As has been widely observed in other coals (Hower et al. 2002; Yudovich Ya 2003b), the Ge content is highest in the top and bottom lithotypes of the two sections. Similarly, U is highest in the uppermost lithotype, with significant concentrations in basal lithotypes, as has been observed for U concentrations in many other coals (for example, studies by Berthoud 1875; Breger et al. 1955a, b; Breger and Schopf 1955; Zubovic 1966; Szalay and Szilágyi 1969; Eskenazy 1992; Yudovich Ya 2003a). In both cases, the enrichment can be attributed, at least in part, to infiltration of mineralized fluids from the surrounding sediments (Yudovich Ya 2003a, b).

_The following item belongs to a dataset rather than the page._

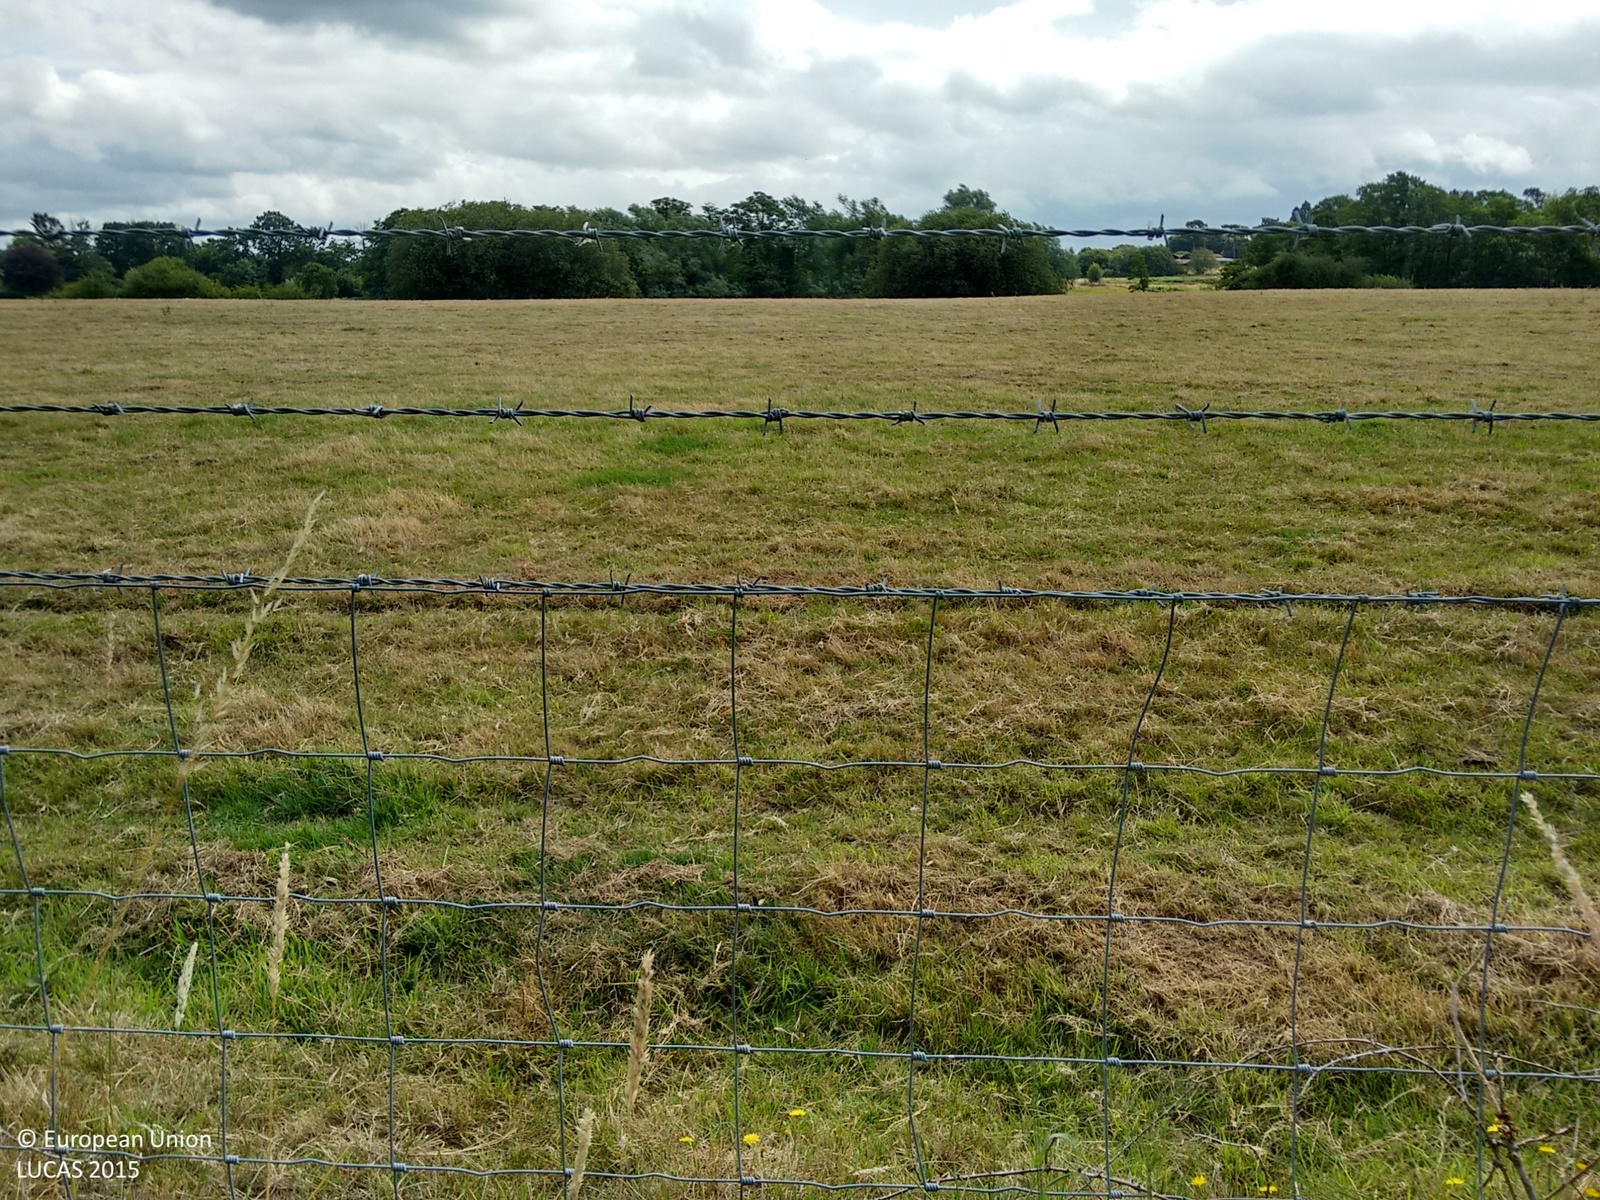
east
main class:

In the HW-2 and HW-3 series samples, parting samples are characterized by higher REY (rare earth elements and Y) concentrations than the coal benches, and have light-REE enrichment type. However, REY in the coal benches were weakly fractionated (Fig. 8).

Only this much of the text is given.